A la fin de la séquence, le voile poussiéreux de la comète - sa « chevelure » - s’étire d’environ 1300 kilomètres dans l’espace. En comparaison, le noyau ne mesure approximativement que 4 kilomètres de diamètre, et n’est pas encore « visible ».

La chevelure de la comète se développe alors que celle-ci se rapproche progressivement du Soleil sur son orbite d’une durée de 6,5 années.

photo : ESA/Rosetta/MPS for OSIRIS Team MPS/UPD/LAM/IAA/SSO/INTA/UPM/DASP/IDA

 

 

 

Même si elle se trouve encore à plus de 600 millions de kilomètres du Soleil - plus de quatre fois la distance entre la Terre et le Soleil – sa surface a déjà commencé à se réchauffer, ce qui sublime la glace de surface et fait s’échapper le gaz de son noyau formé de roches et de glace.

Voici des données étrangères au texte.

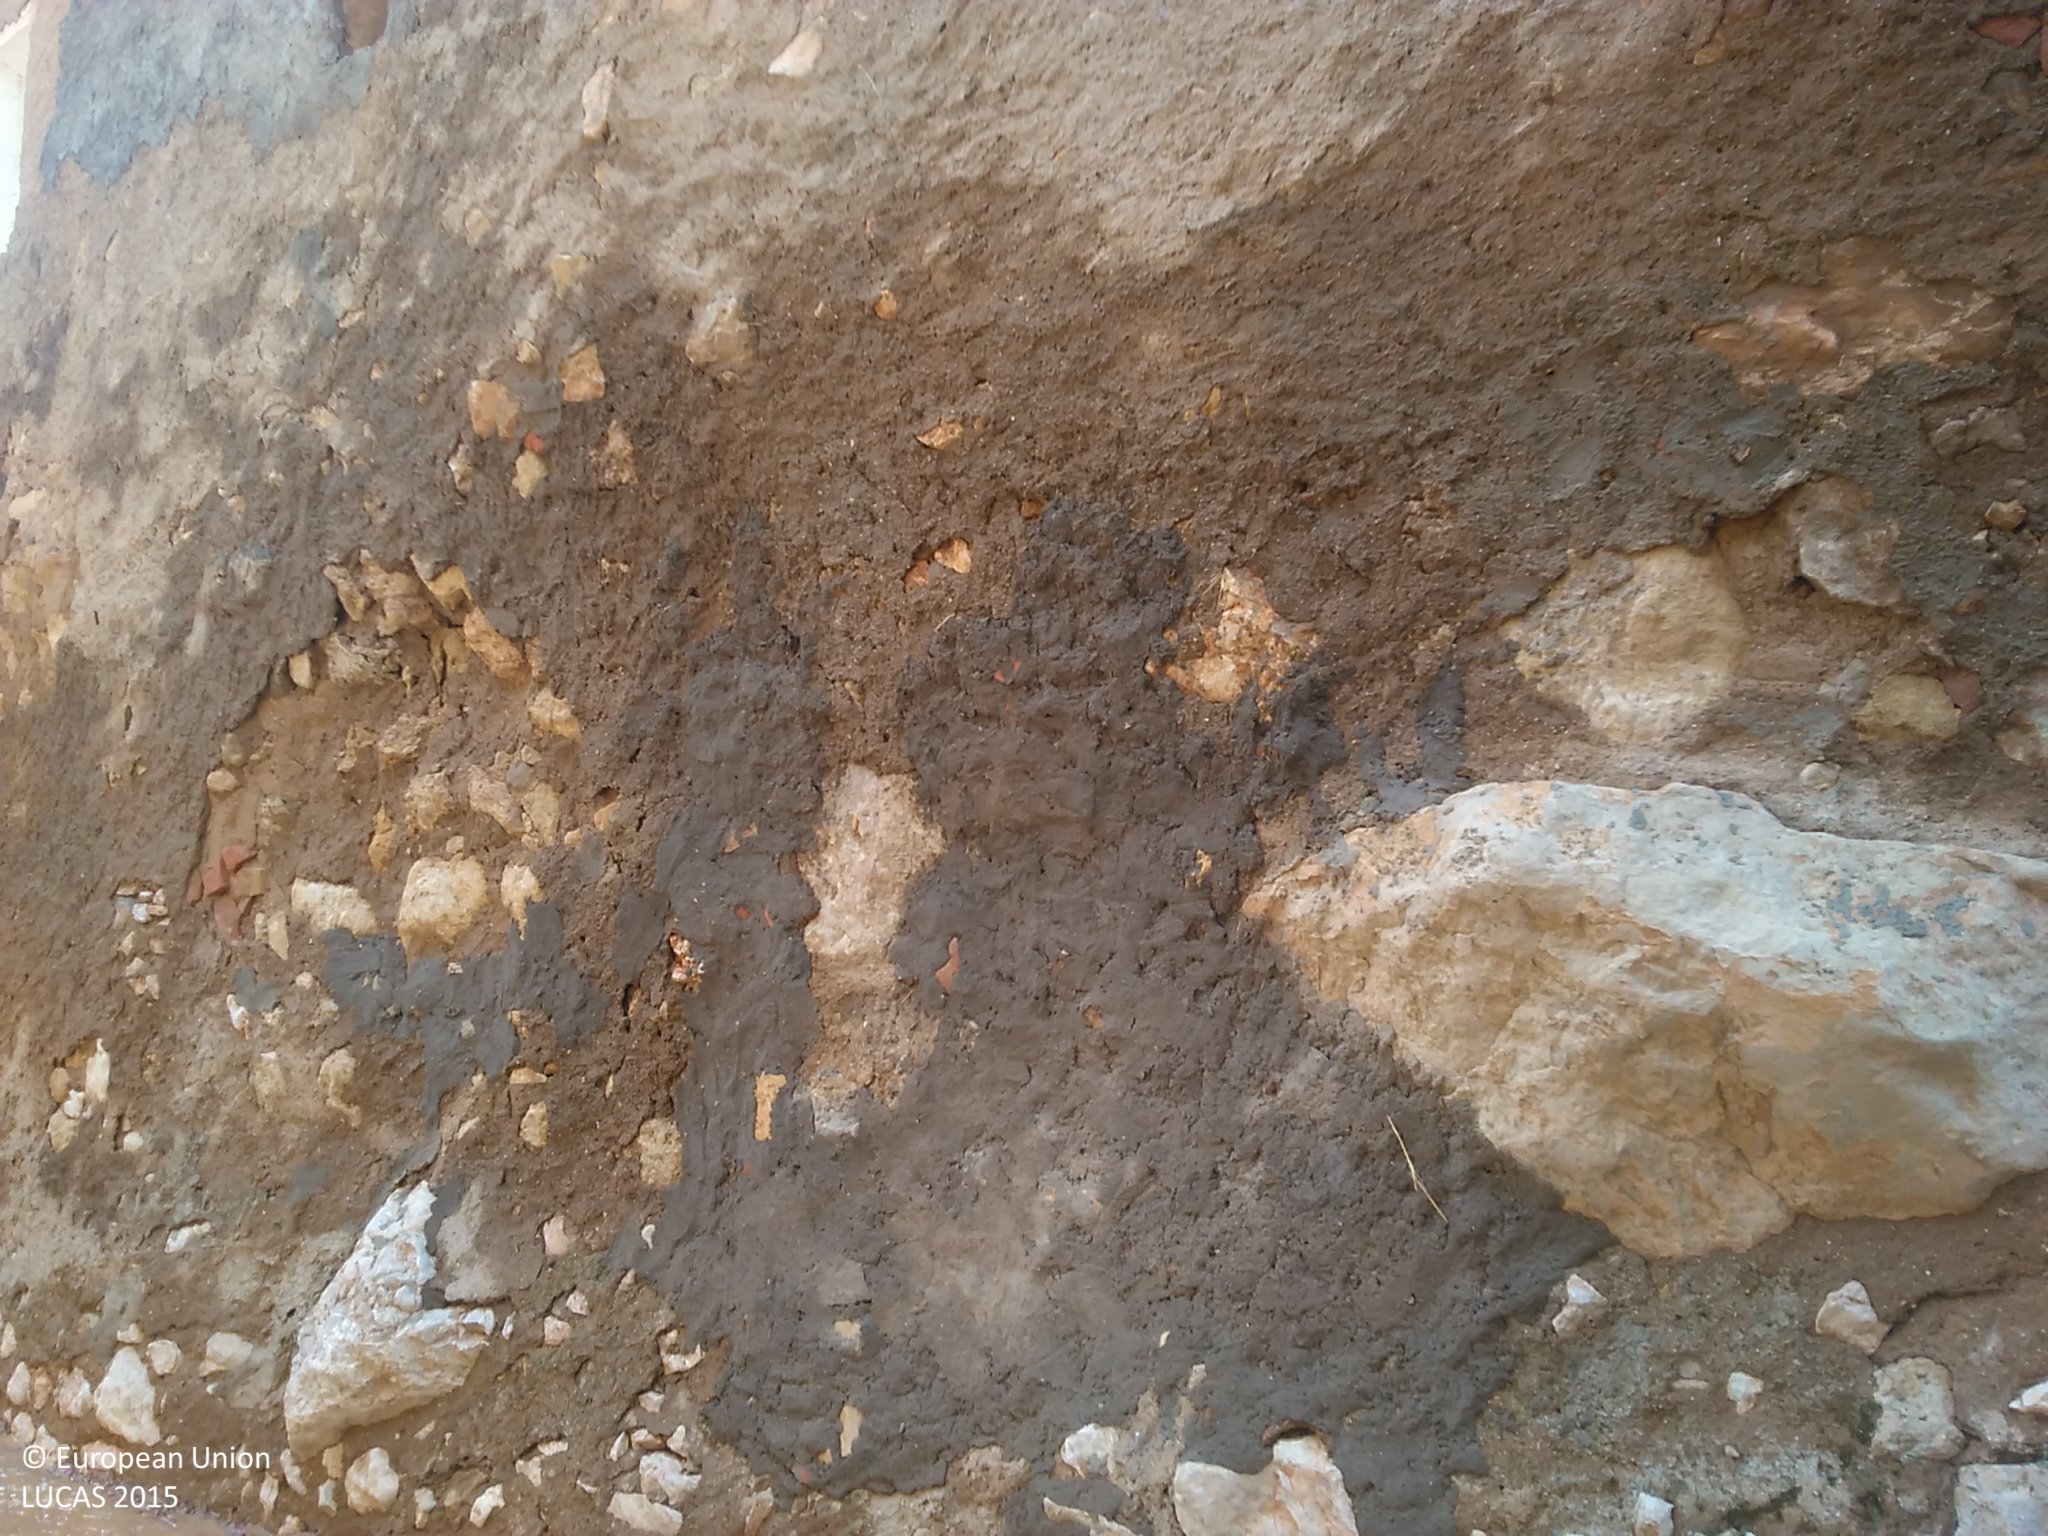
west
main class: Shrubland
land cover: Shrubland without tree cover
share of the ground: 10 - 25 %
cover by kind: unconsolidated bare surface 80 %, shrubs 20 %
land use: Semi-natural and natural areas not in use
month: July
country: ES
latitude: 41.3962
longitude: -1.9532

Lorsque le gaz s’échappe, il emmène avec lui dans l’espace un nuage de minuscules particules de poussière, qui s’étirent lentement pour former la chevelure.

Alors que la comète continue de se rapprocher du Soleil, le réchauffement se poursuit, l’activité augmente, et la pression des vents solaires va finalement faire en sorte que les matériaux forment une longue traine.

 

Rosetta et la comète passeront au plus près du Soleil en août 2015, entre les orbites de la Terre et de Mars.

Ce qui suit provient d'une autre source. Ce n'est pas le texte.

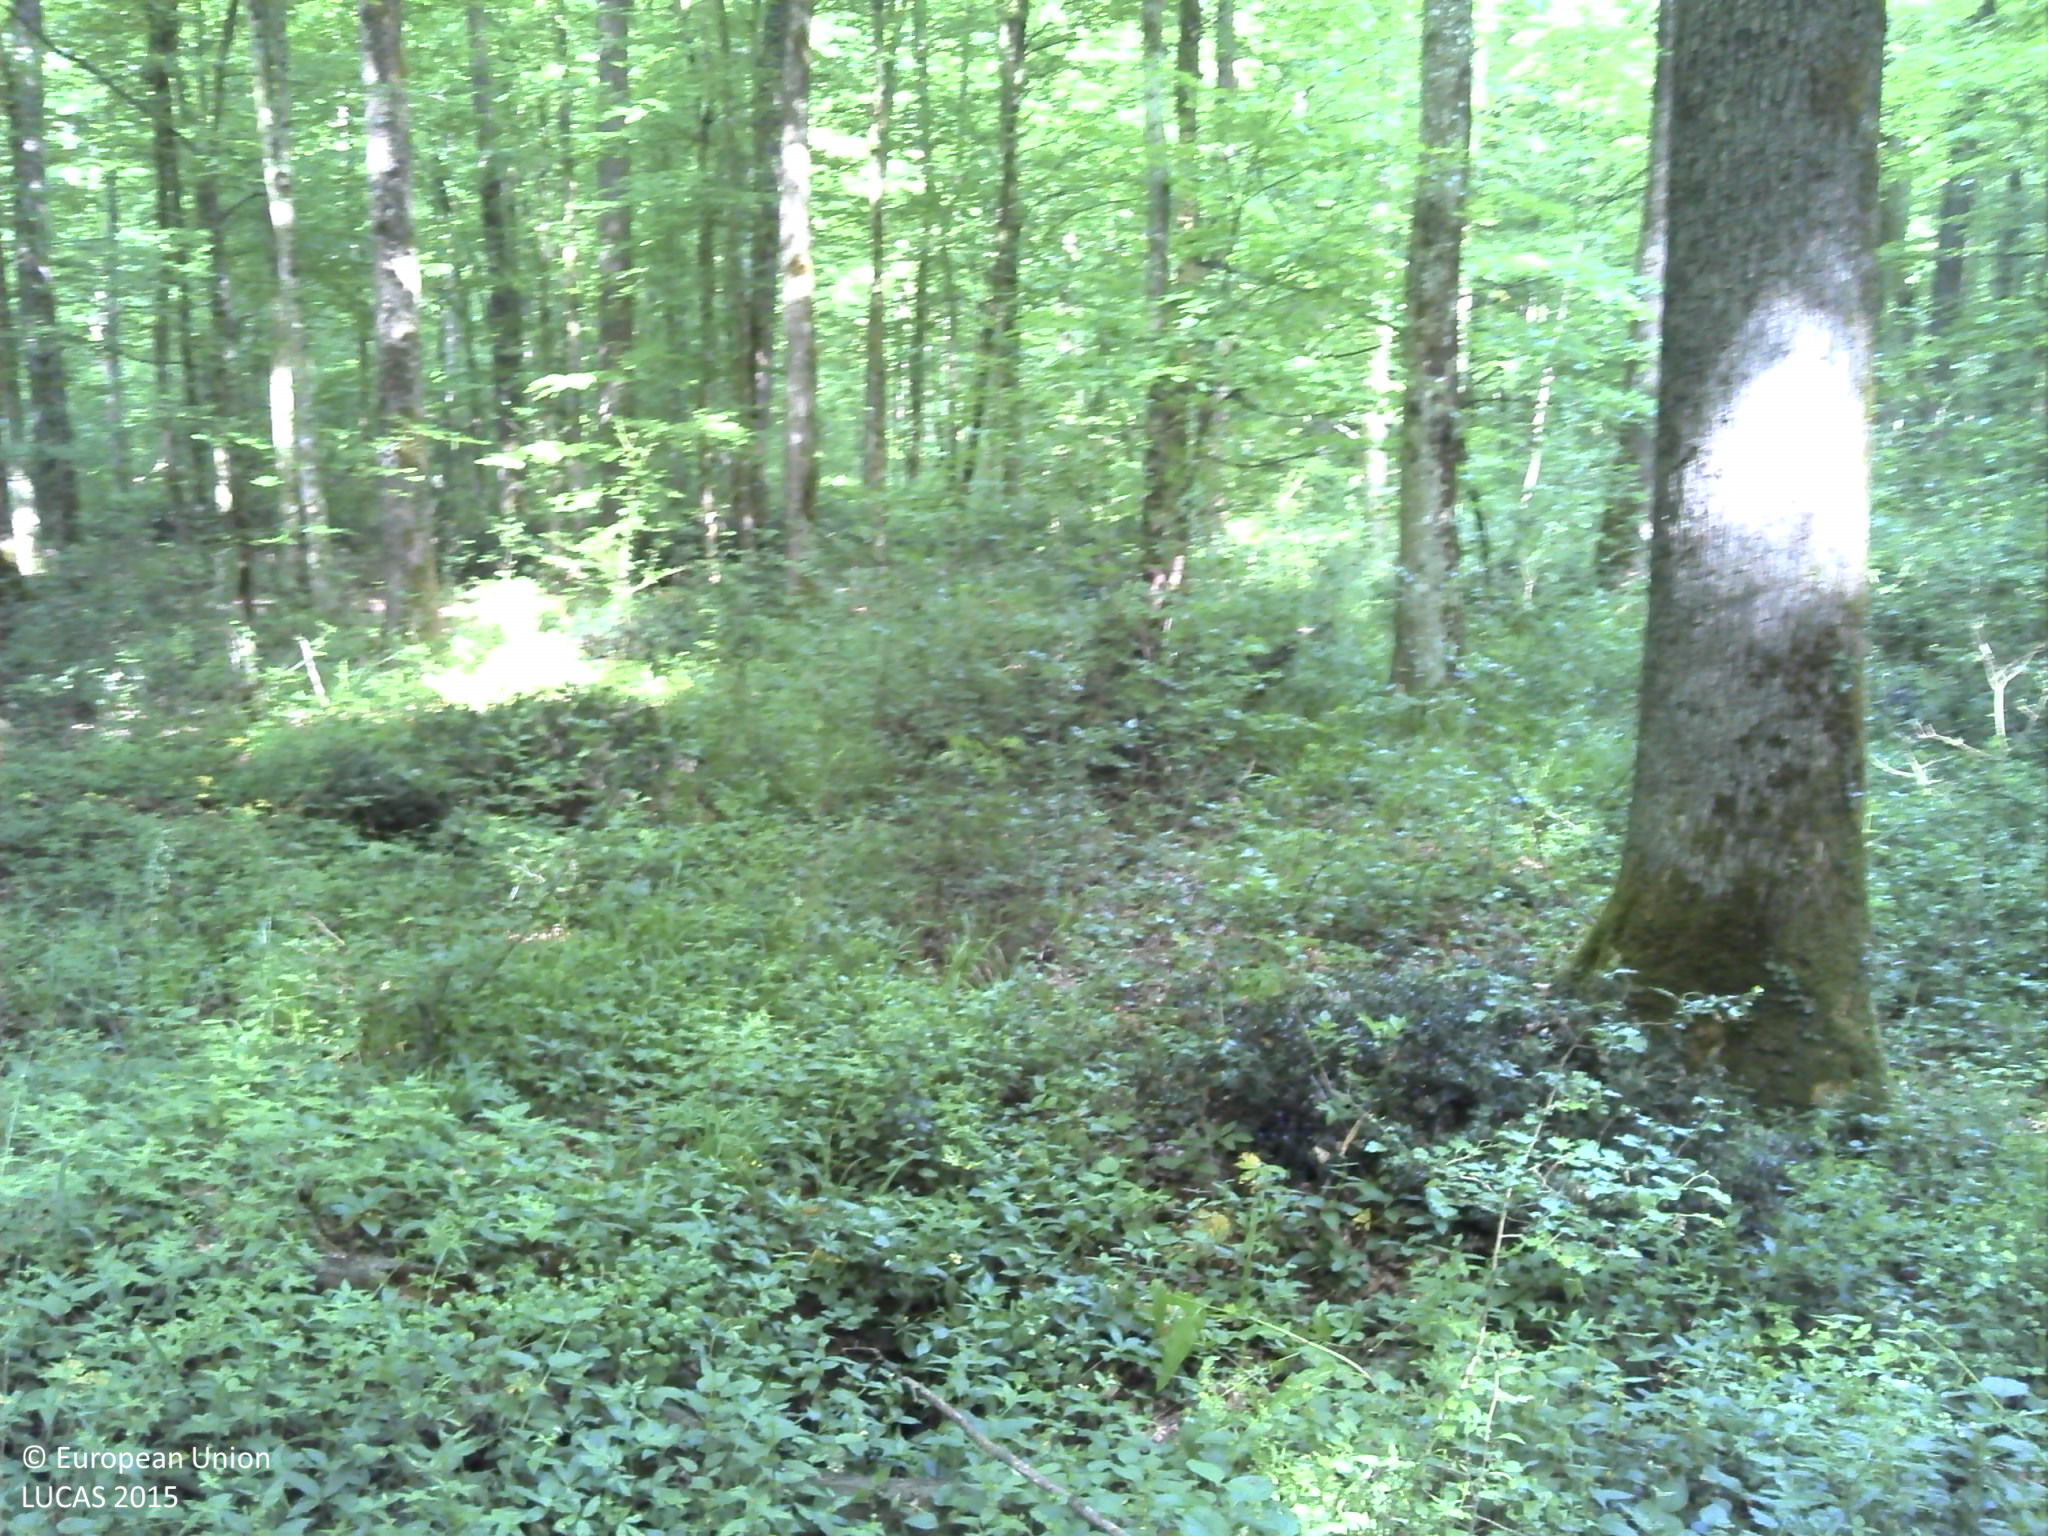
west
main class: Woodland
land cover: Broadleaved woodland
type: acidophilous oak and oak-birch forest
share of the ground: > 75 %
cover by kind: broadleaved forest trees 100 %
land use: Forestry
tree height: > 5 m
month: May
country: HR
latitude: 45.6156
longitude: 18.2512

L’activité qui débute offre aujourd’hui aux scientifiques l’opportunité d’étudier la production de la poussière et la structure de la chevelure avant même de s’en approcher.

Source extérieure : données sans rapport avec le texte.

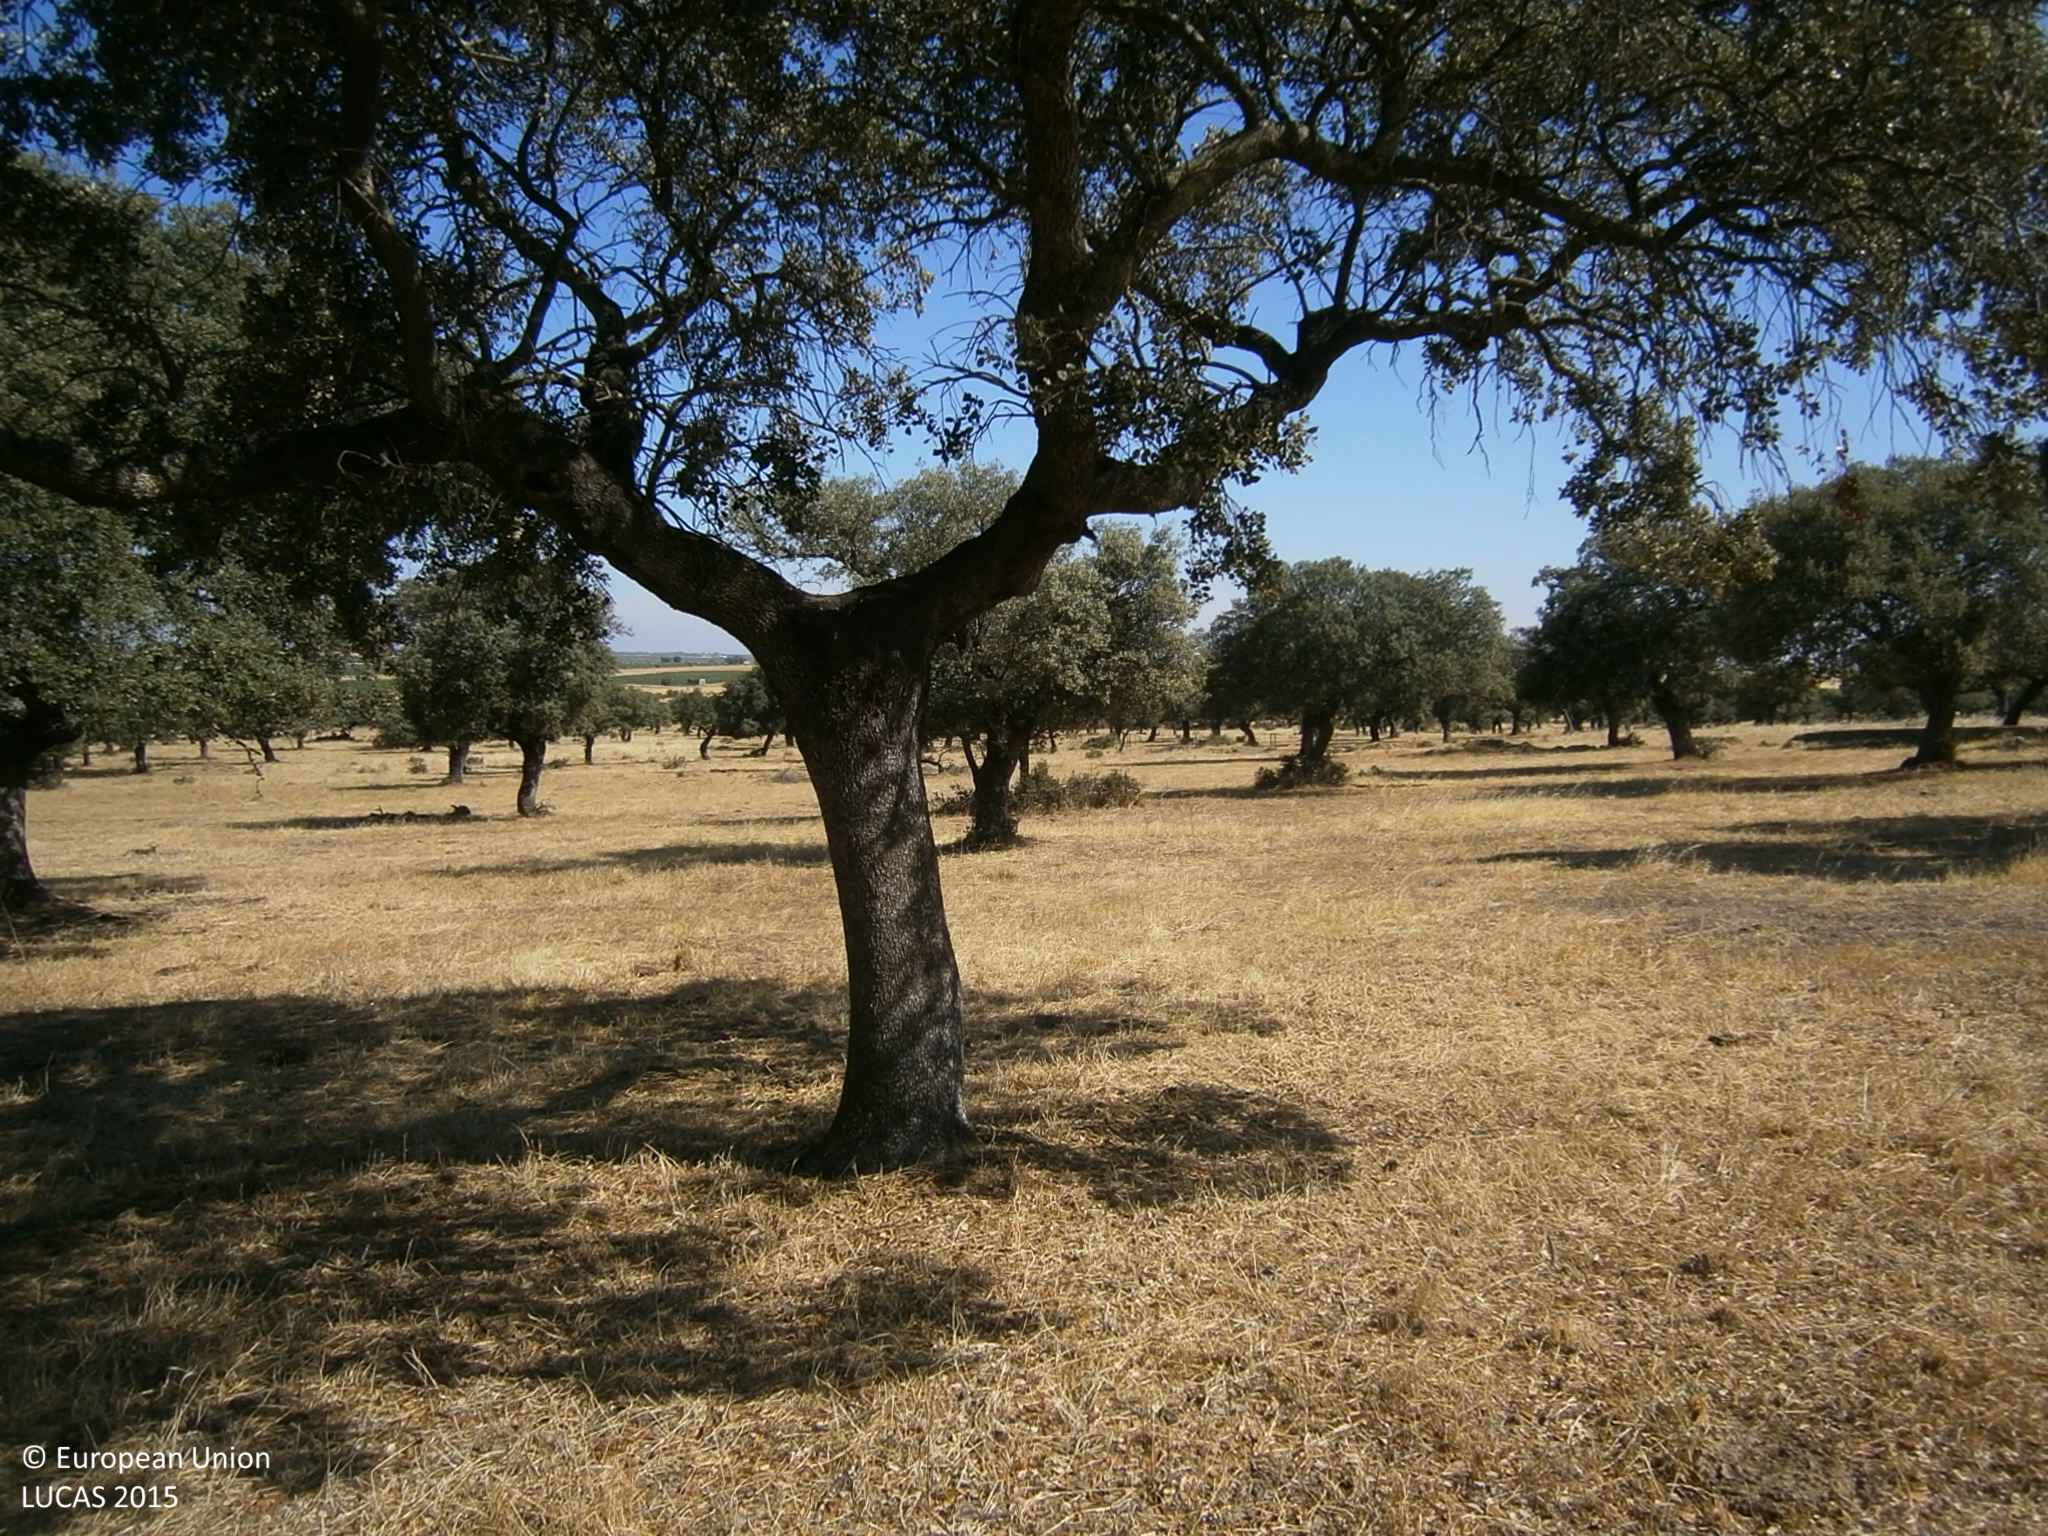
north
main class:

« Elle commence à ressembler véritablement à une comète, » déclare Holger Sierks, chercheur principal de l’instrument OSIRIS, le système d’imagerie optique, spectroscopique et infrarouge à distance, depuis l’Institut Max-Planck de recherche sur le Système Solaire situé en Allemagne.

« Difficile de croire que d’ici quelques mois, Rosetta sera profondément enfouie dans ce nuage de poussières et en route vers ce qui est à l’origine de l’activité de la comète. »

En outre, le suivi des changements périodiques de luminosité révèle que le noyau tourne toutes les 12,4 heures - environ 20 minutes de moins qu’on le pensait auparavant.

« Ces observations initiales nous aident à développer des modèles de la comète, qui seront essentiels pour nous aider à naviguer autour de celle-ci lorsque nous nous en rapprocherons, » explique Sylvain Lodiot, responsable ESA des opérations sur Rosetta).

OSIRIS et les caméras dédiées à la navigation du véhicule prennent régulièrement des photos pour aider à déterminer la trajectoire exacte de Rosetta par rapport à la comète. Avec l’aide de ces informations, le véhicule a déjà commencé une série de manœuvres qui l’aligneront lentement avec la comète en préparation du rendez-vous qui se déroulera la première semaine d’août.

Des observations scientifiques détaillées permettront alors de trouver pour l’atterrisseur Philae l’endroit le plus approprié sur la surface de la comète en vue de sa descente au mois de novembre.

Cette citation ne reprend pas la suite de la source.